Additional requirements to control greenhouse gas emissions and address global climate
change may also arise pursuant to the Midwest Greenhouse Gas Reduction Accord, an agreement signed by the governors of Illinois, Iowa, Kansas, Michigan, Wisconsin, and Minnesota to develop a strategy to achieve energy security and to reduce
greenhouse gas emissions through a cap-and-trade mechanism. The advisory group to the Midwest governors provided draft final recommendations on the design of a greenhouse gas reduction program in June 2009. The recommendations have not been endorsed
or approved by the state governors. It is uncertain whether legislation to implement the recommendations will be implemented or passed by any of the states, including Illinois.

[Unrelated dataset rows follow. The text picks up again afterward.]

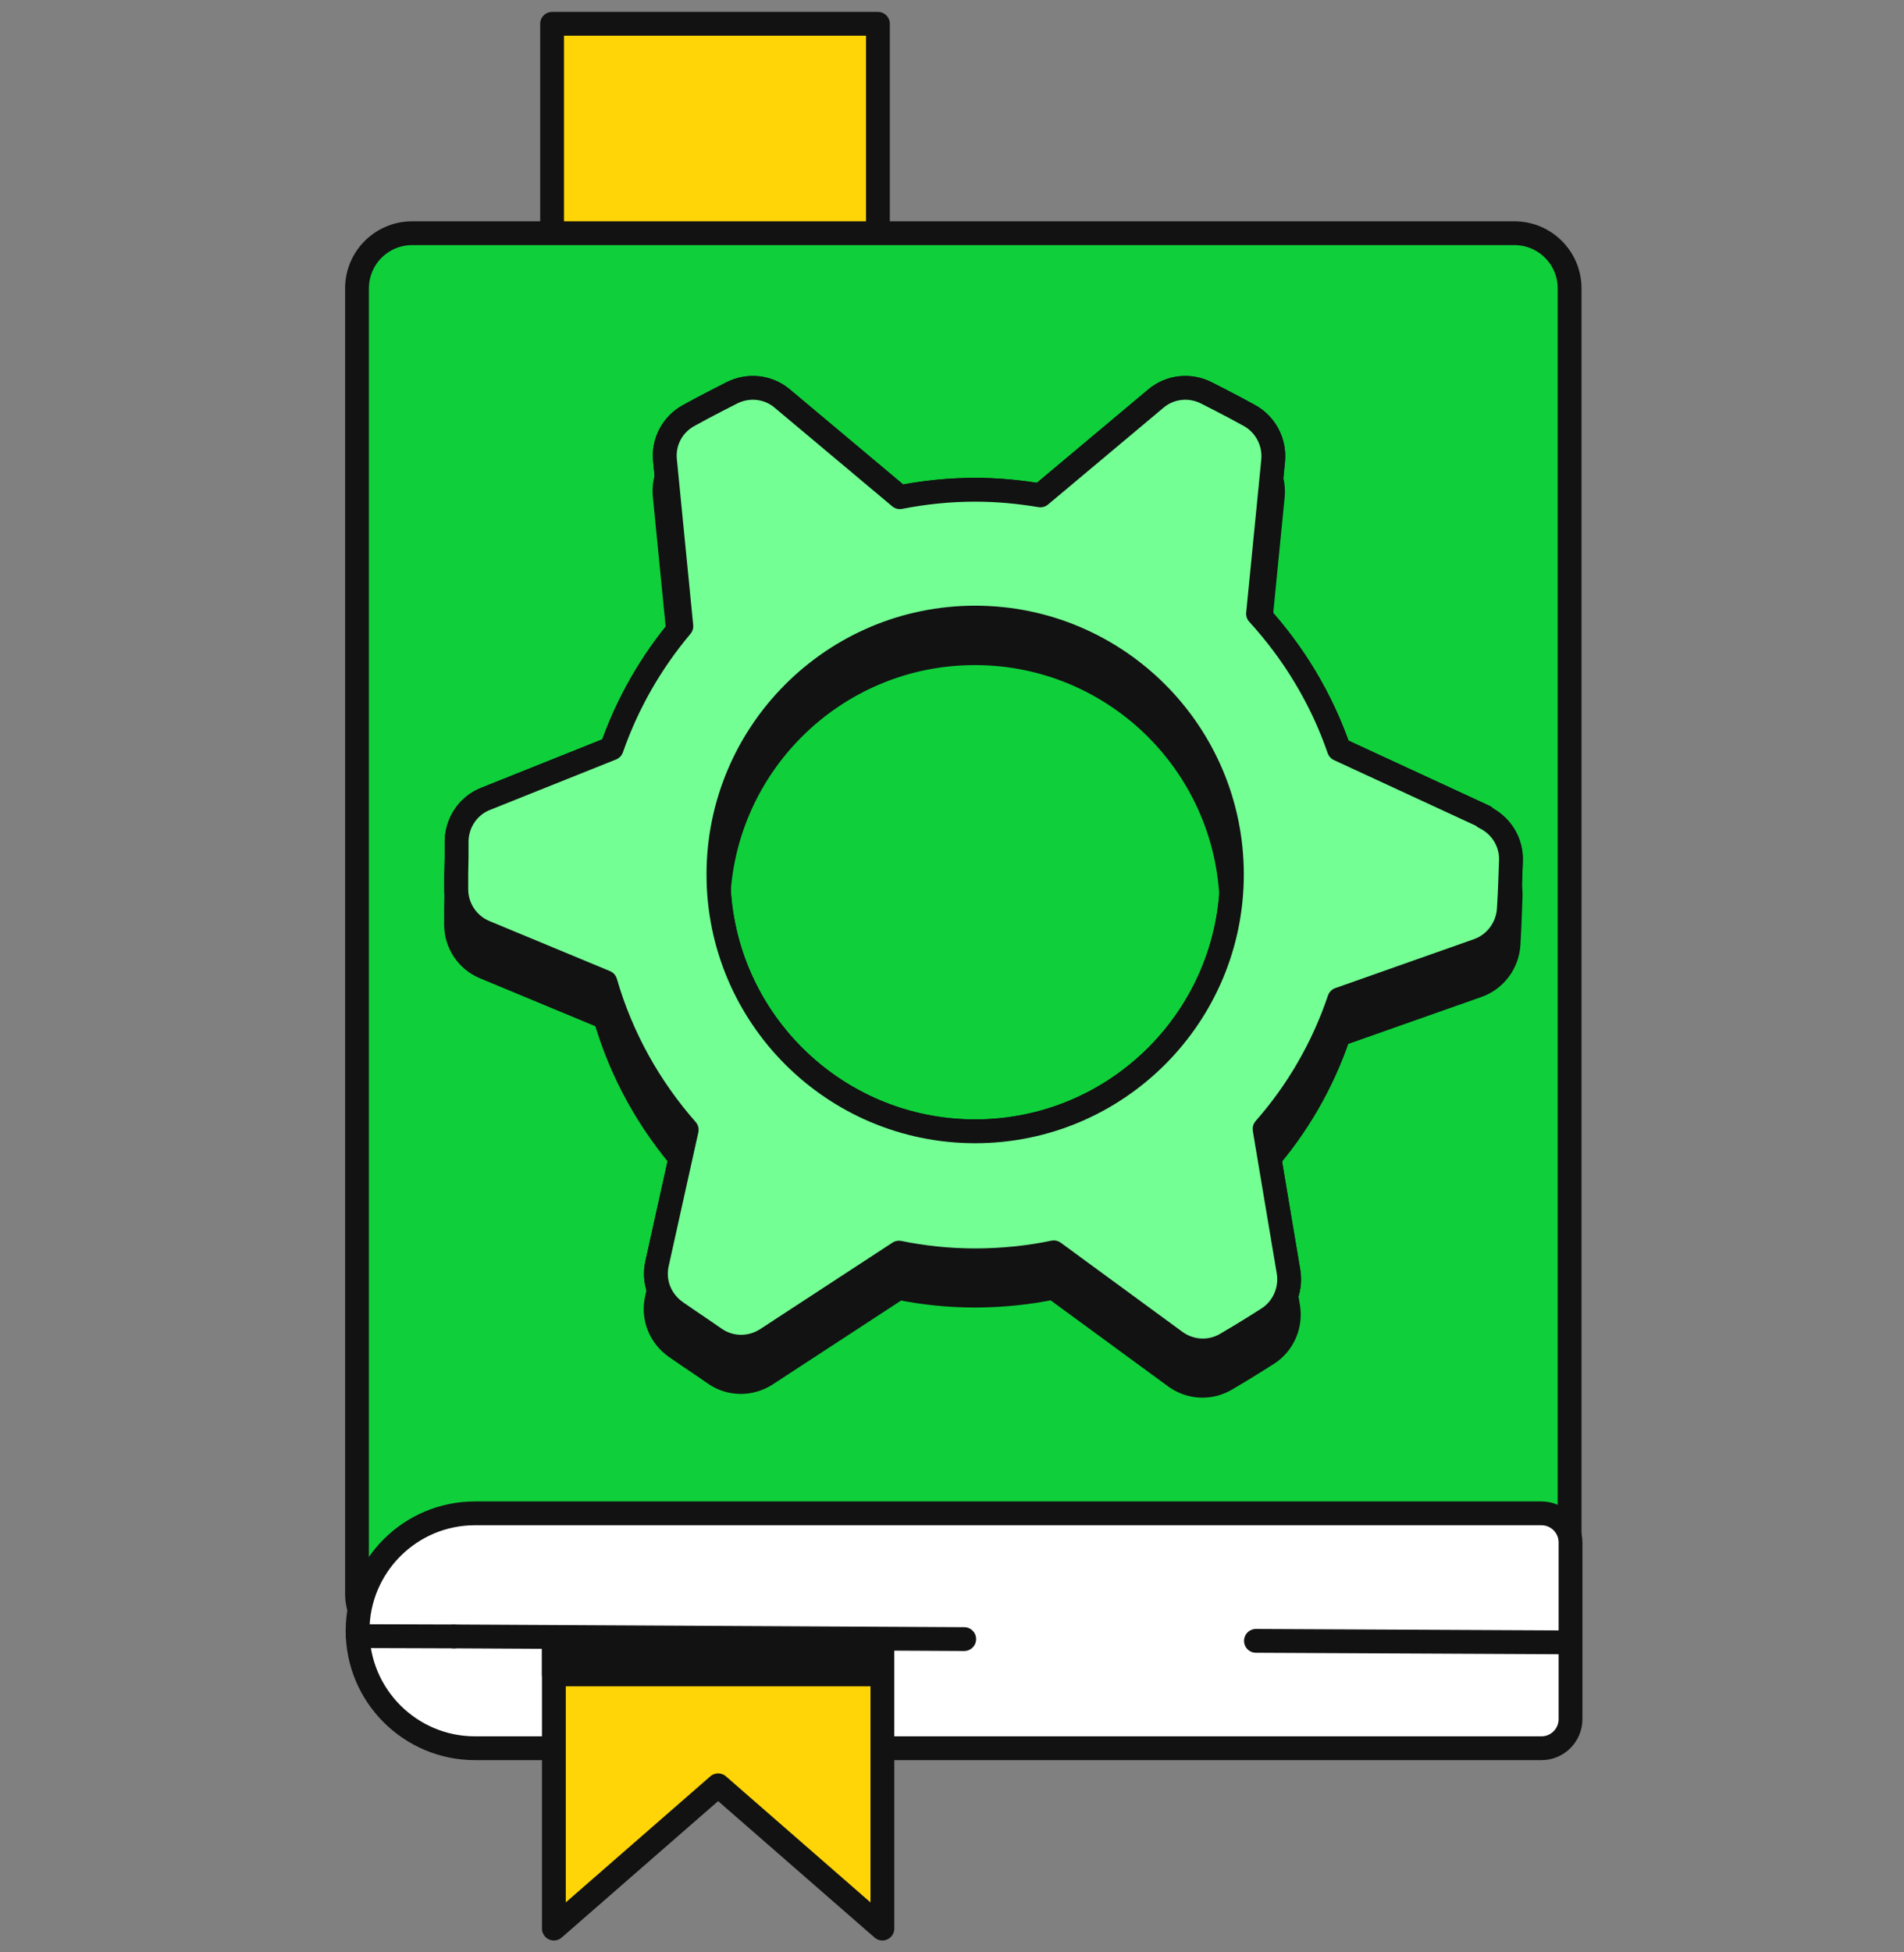 <?xml version="1.0" encoding="UTF-8"?>
<svg xmlns="http://www.w3.org/2000/svg" width="80" height="82" viewBox="0 0 80 82" fill="none">
  <rect x="0" y="0" width="80" height="82" fill="#808080" stroke="none"/>
  <path d="M36.888 1H23.197V70.312H36.888V1Z" fill="#FFD507" stroke="#121212" stroke-linecap="round" stroke-linejoin="round"></path>
  <path d="M63.633 9.795H17.317C16.037 9.795 15 10.832 15 12.112V66.923C15 68.203 16.037 69.24 17.317 69.24H63.633C64.912 69.24 65.95 68.203 65.95 66.923V12.112C65.95 10.832 64.912 9.795 63.633 9.795Z" fill="#0FD03B" stroke="#121212" stroke-linecap="round" stroke-linejoin="round"></path>
  <path d="M19.958 63.56H64.767C65.44 63.56 65.988 64.108 65.988 64.781V72.205C65.988 72.878 65.44 73.426 64.767 73.426H19.958C17.243 73.426 15.025 71.221 15.025 68.493C15.025 65.777 17.23 63.56 19.958 63.56Z" fill="white" stroke="#121212" stroke-linecap="round" stroke-linejoin="round"></path>
  <path d="M52.77 68.916L65.775 68.979" stroke="#121212" stroke-linecap="round" stroke-linejoin="round"></path>
  <path d="M19.061 68.73L40.513 68.842" stroke="#121212" stroke-linecap="round" stroke-linejoin="round"></path>
  <path d="M15.038 68.717L19.062 68.73" stroke="#121212" stroke-linecap="round" stroke-linejoin="round"></path>
  <path d="M23.272 81V68.966H37.075V81L30.173 74.983L23.272 81Z" fill="#FFD507" stroke="#121212" stroke-linecap="round" stroke-linejoin="round"></path>
  <path d="M62.375 34.298L56.258 31.47C55.523 29.34 54.352 27.409 52.858 25.777L53.493 19.349C53.568 18.565 53.169 17.817 52.484 17.444L51.886 17.12L51.313 16.821L50.703 16.509C50.005 16.148 49.158 16.235 48.56 16.746L43.714 20.807C42.817 20.657 41.908 20.57 40.973 20.57C39.89 20.57 38.831 20.682 37.809 20.882L32.876 16.746C32.278 16.235 31.431 16.148 30.734 16.509L30.123 16.821L29.55 17.12L28.952 17.444C28.255 17.817 27.856 18.565 27.943 19.349L28.628 26.301C27.358 27.808 26.361 29.539 25.701 31.433L20.407 33.551C19.672 33.837 19.198 34.547 19.186 35.332V36.017L19.173 36.665V37.35C19.173 38.135 19.647 38.845 20.369 39.144L25.439 41.249C26.112 43.579 27.295 45.684 28.853 47.453L27.607 53.071C27.432 53.843 27.744 54.628 28.392 55.089L28.952 55.475L29.488 55.837L30.049 56.223C30.696 56.671 31.543 56.671 32.204 56.248L37.772 52.61C38.806 52.822 39.877 52.934 40.973 52.934C42.07 52.934 43.216 52.822 44.275 52.598L49.395 56.347C50.03 56.808 50.877 56.846 51.55 56.434L52.135 56.086L52.683 55.749L53.256 55.388C53.916 54.977 54.265 54.192 54.141 53.42L53.132 47.416C54.514 45.846 55.586 44.002 56.271 41.972L62.101 39.916C62.836 39.655 63.346 38.969 63.396 38.185L63.434 37.5L63.459 36.852L63.483 36.167C63.521 35.382 63.072 34.659 62.362 34.323L62.375 34.298ZM40.973 47.515C35.019 47.515 30.186 42.682 30.186 36.727C30.186 30.773 35.019 25.939 40.973 25.939C46.928 25.939 51.761 30.773 51.761 36.727C51.761 42.682 46.928 47.515 40.973 47.515Z" fill="#731ABF" stroke="#121212" stroke-linecap="round" stroke-linejoin="round"></path>
  <path d="M62.362 35.781L56.246 32.953C55.511 30.823 54.34 28.892 52.845 27.26L53.48 20.832C53.555 20.047 53.156 19.3 52.471 18.926L51.873 18.602L51.3 18.303L50.69 17.992C49.992 17.63 49.145 17.718 48.547 18.228L43.701 22.289C42.804 22.14 41.895 22.053 40.961 22.053C39.877 22.053 38.818 22.165 37.797 22.364L32.864 18.228C32.266 17.718 31.419 17.63 30.721 17.992L30.11 18.303L29.538 18.602L28.939 18.926C28.242 19.3 27.843 20.047 27.93 20.832L28.616 27.783C27.345 29.29 26.348 31.022 25.688 32.915L20.394 35.033C19.659 35.32 19.186 36.03 19.173 36.814V37.5L19.161 38.147V38.833C19.161 39.617 19.634 40.327 20.357 40.626L25.427 42.732C26.099 45.061 27.283 47.166 28.84 48.935L27.594 54.553C27.42 55.326 27.731 56.111 28.379 56.572L28.939 56.958L29.475 57.319L30.036 57.705C30.683 58.154 31.531 58.154 32.191 57.73L37.759 54.093C38.793 54.304 39.864 54.416 40.961 54.416C42.057 54.416 43.203 54.304 44.262 54.08L49.382 57.83C50.017 58.291 50.864 58.328 51.537 57.917L52.122 57.568L52.67 57.232L53.243 56.87C53.904 56.459 54.252 55.675 54.128 54.902L53.119 48.898C54.502 47.328 55.573 45.485 56.258 43.454L62.088 41.399C62.823 41.137 63.334 40.452 63.384 39.667L63.421 38.982L63.446 38.334L63.471 37.649C63.508 36.864 63.06 36.142 62.35 35.805L62.362 35.781ZM40.961 49.01C35.006 49.01 30.173 44.177 30.173 38.222C30.173 32.268 35.006 27.434 40.961 27.434C46.915 27.434 51.749 32.268 51.749 38.222C51.749 44.177 46.915 49.01 40.961 49.01Z" fill="#121212" stroke="#121212" stroke-linecap="round" stroke-linejoin="round"></path>
  <path d="M62.375 34.298L56.258 31.47C55.523 29.34 54.352 27.409 52.858 25.777L53.493 19.349C53.568 18.565 53.169 17.817 52.484 17.444L51.886 17.12L51.313 16.821L50.703 16.509C50.005 16.148 49.158 16.235 48.56 16.746L43.714 20.807C42.817 20.657 41.908 20.57 40.973 20.57C39.89 20.57 38.831 20.682 37.809 20.882L32.876 16.746C32.278 16.235 31.431 16.148 30.734 16.509L30.123 16.821L29.55 17.12L28.952 17.444C28.255 17.817 27.856 18.565 27.943 19.349L28.628 26.301C27.358 27.808 26.361 29.539 25.701 31.433L20.407 33.551C19.672 33.837 19.198 34.547 19.186 35.332V36.017L19.173 36.665V37.35C19.173 38.135 19.647 38.845 20.369 39.144L25.439 41.249C26.112 43.579 27.295 45.684 28.853 47.453L27.607 53.071C27.432 53.843 27.744 54.628 28.392 55.089L28.952 55.475L29.488 55.837L30.049 56.223C30.696 56.671 31.543 56.671 32.204 56.248L37.772 52.61C38.806 52.822 39.877 52.934 40.973 52.934C42.07 52.934 43.216 52.822 44.275 52.598L49.395 56.347C50.03 56.808 50.877 56.846 51.55 56.434L52.135 56.086L52.683 55.749L53.256 55.388C53.916 54.977 54.265 54.192 54.141 53.42L53.132 47.416C54.514 45.846 55.586 44.002 56.271 41.972L62.101 39.916C62.836 39.655 63.346 38.969 63.396 38.185L63.434 37.5L63.459 36.852L63.483 36.167C63.521 35.382 63.072 34.659 62.362 34.323L62.375 34.298ZM40.973 47.515C35.019 47.515 30.186 42.682 30.186 36.727C30.186 30.773 35.019 25.939 40.973 25.939C46.928 25.939 51.761 30.773 51.761 36.727C51.761 42.682 46.928 47.515 40.973 47.515Z" fill="#74FF94" stroke="#121212" stroke-linecap="round" stroke-linejoin="round"></path>
  <path d="M36.875 68.966H23.272V70.324H36.875V68.966Z" fill="#121212" stroke="#121212" stroke-linecap="round" stroke-linejoin="round"></path>
</svg>

With regard to the control of greenhouse gas emissions under federal regulation, in 2007, the U.S. Supreme Court issued a decision
finding that the EPA has the authority to regulate CO2 and other greenhouse gases
from automobiles as air pollutants under the Clean Air Act. This decision required the EPA to determine whether greenhouse gas emissions may reasonably be anticipated to endanger public health or welfare, or, in the alternative, to
provide a reasonable explanation as to why greenhouse gas emissions should not be regulated. In December 2009, in response to the decision of the U.S. Supreme Court, the EPA issued its endangerment finding determining that greenhouse gas
emissions, including CO2, endanger human health and welfare and that emissions of
greenhouse gases from motor vehicles contribute to that endangerment. It is expected that the EPA will issue a rule by the end of March 2010 to control greenhouse gas emissions from light-duty vehicles such as automobiles. Once this rule is
effective, greenhouse gases will, for the first time, be a regulated air pollutant under the Clean Air Act. The EPA has taken the position that the regulation of greenhouse gas emissions from new motor vehicles under the Clean Air Act will trigger
the applicability of other Clean Air Act programs, such as the Title V Operating Permit Program and the NSR program, which apply to greenhouse gas emissions from stationary sources. This would include fossil fuel-fired electricity generating plants.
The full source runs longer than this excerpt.